Il y a dix ans, Olivier Bilodeau, Pierre-Marc Bureau, Joan Calvet, Alexis Dorais-Joncas, Marc-Étienne M.Léveillé, Benjamin Vanheuverzwijn, avaient attiré l’attention sur Ebury en publiant un livre blanc intitulé Opération Windigo, qui documentait une campagne exploitant des malwares sur Linux à des fins financières. Aujourd’hui, nous publions un document de suivi sur l’évolution d’Ebury et les nouvelles familles de malwares utilisées par ses opérateurs pour monétiser leur botnet de serveurs Linux.
Ebury est vivant mais invisible
L’arrestation et la condamnation de l’un des auteurs d’Ebury après la publication du livre blanc sur l’Opération Windigo n’ont pas empêché le botnet de se développer. Ebury, la porte dérobée OpenSSH et voleur d’identifiants, continue d’être mis à jour, comme nous l’avons rapporté en 2014 et 2017.
Nous maintenons des honeypots pour suivre les nouveaux échantillons et indicateurs de réseau. Cependant, il devient de plus en plus difficile de faire fonctionner ces honeypots à mesure qu’Ebury évolue. Par exemple, l’un de nos honeypots n’a pas réagi comme prévu lors de l’installation d’Ebury. Après des heures de débogage, les opérateurs d’Ebury ont abandonné le serveur et envoyé un message montrant qu’ils étaient au courant de nos tentatives de les tromper.
En 2021, l’Unité néerlandaise de lutte contre la cybercriminalité de haute technologie (NHTCU) a contacté ESET après avoir trouvé Ebury sur le serveur d’une victime de vol de cryptomonnaies. En travaillant ensemble, nous avons obtenu une excellente visibilité sur les activités récentes du groupe et les malwares qu’il utilise.
il est partout
Ce document révèle de nouvelles méthodes utilisées pour propager Ebury à de nouveaux serveurs. Parmi les victimes figurent de nombreux fournisseurs d’hébergement. Le gang utilise son accès à l’infrastructure du fournisseur d’hébergement pour installer Ebury sur tous les serveurs loués par ce fournisseur. Par expérience, nous avons loué un serveur virtuel auprès d’un fournisseur compromis : Ebury a été installé sur notre serveur en moins de sept jours.
Une autre méthode intéressante est l’utilisation d’attaques de l’adversaire au milieu (AitM) pour intercepter le trafic SSH de cibles intéressantes dans des centres de données et le rediriger vers un serveur utilisé pour capturer les identifiants.
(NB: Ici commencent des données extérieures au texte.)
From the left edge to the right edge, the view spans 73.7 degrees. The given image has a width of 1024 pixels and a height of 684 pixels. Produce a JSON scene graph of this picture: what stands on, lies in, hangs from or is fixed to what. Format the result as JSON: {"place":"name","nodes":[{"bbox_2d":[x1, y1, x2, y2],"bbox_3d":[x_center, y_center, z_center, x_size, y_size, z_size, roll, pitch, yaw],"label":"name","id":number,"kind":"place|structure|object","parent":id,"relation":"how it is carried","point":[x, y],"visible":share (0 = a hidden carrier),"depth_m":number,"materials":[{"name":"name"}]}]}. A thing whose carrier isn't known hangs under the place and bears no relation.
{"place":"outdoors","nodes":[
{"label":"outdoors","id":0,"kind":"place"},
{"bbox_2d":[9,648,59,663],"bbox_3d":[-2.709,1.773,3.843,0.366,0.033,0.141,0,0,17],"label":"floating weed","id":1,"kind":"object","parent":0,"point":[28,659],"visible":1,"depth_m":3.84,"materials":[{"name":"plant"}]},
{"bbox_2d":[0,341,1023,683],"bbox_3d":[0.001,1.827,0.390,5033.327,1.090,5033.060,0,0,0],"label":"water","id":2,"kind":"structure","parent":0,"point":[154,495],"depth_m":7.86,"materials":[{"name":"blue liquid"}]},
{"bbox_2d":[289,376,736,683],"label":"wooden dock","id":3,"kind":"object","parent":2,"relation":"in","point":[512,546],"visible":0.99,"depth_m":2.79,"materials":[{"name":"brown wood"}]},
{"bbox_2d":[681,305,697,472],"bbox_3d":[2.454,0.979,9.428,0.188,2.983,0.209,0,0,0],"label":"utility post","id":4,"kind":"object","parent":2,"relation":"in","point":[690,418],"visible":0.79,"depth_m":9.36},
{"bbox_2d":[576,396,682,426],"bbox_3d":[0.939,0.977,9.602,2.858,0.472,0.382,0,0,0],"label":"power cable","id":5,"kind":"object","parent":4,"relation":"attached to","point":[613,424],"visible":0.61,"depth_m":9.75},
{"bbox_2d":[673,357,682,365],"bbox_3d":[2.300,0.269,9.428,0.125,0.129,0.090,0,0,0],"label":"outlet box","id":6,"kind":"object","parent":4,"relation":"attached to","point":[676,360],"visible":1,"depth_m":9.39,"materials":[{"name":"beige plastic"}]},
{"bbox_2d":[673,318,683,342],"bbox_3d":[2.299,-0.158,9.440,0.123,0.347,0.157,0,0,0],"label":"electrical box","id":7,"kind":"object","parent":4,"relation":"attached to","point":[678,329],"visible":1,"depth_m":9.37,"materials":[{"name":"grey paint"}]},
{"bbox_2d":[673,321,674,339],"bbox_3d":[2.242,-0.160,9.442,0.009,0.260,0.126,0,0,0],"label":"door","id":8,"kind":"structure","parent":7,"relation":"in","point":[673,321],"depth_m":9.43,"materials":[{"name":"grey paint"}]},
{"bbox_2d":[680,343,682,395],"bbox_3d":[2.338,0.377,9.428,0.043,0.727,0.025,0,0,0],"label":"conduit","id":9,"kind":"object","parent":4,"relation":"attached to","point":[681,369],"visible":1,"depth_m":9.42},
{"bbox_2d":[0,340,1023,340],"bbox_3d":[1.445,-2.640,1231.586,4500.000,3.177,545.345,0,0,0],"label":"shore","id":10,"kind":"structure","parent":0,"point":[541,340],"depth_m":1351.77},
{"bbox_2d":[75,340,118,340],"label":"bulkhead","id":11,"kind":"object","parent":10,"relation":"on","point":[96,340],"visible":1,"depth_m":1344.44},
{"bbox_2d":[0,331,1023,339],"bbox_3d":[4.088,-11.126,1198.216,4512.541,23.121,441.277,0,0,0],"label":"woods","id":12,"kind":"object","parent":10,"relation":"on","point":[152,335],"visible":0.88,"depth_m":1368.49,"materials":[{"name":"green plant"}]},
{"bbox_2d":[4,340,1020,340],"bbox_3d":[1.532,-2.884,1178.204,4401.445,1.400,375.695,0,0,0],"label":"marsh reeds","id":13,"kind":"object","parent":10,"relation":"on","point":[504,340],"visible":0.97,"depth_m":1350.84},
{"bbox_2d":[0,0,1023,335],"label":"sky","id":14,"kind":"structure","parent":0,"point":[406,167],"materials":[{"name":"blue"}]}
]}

Les opérateurs d’Ebury exploitent les serveurs compromis d’Ebury dans le même segment de réseau que leur cible pour effectuer du spoofing ARP. Selon les télémetries Internet, plus de 200 serveurs ont été ciblés en 2023. Parmi les cibles se trouvent des nœuds Bitcoin et Ethereum. Ebury vole automatiquement les portefeuilles de cryptomonnaies hébergés sur le serveur ciblé dès que la victime saisit le mot de passe pour se connecter.
Comment monétiser Ebury
Ce nouveau document dévoile de nouvelles familles de malwares utilisées pour exploiter le botnet Ebury. En plus du spam et de la redirection de trafic web, qui sont toujours perpétrés par le gang, les requêtes HTTP POST vers et depuis les serveurs sont utilisées pour voler des informations financières sur des sites transactionnels.
Se cacher encore plus profondément
La famille de malwares Ebury elle-même a également été mise à jour. La nouvelle version majeure, 1.8, a été observée pour la première fois fin 2023. Parmi les mises à jour figurent de nouvelles techniques d’obfuscation, un nouvel algorithme de génération de domaines (DGA) et des améliorations du rootkit en espace utilisateur utilisé par Ebury pour se cacher des administrateurs système. Lorsqu’il est actif, le processus, le fichier, le socket et même la mémoire mappée sont cachés.
Le nouveau document, “Ebury is alive but unseen: 400k Linux servers compromised for cryptocurrency theft and financial gain”, fournit plus de détails sur chaque aspect d’Ebury, y compris de nombreuses spécificités techniques. Les indicateurs de compromission sont également disponibles dans le dépôt GitHub des malwares-ioc d’ESET, et un script de détection se trouve dans le dépôt de recherche sur les malwares.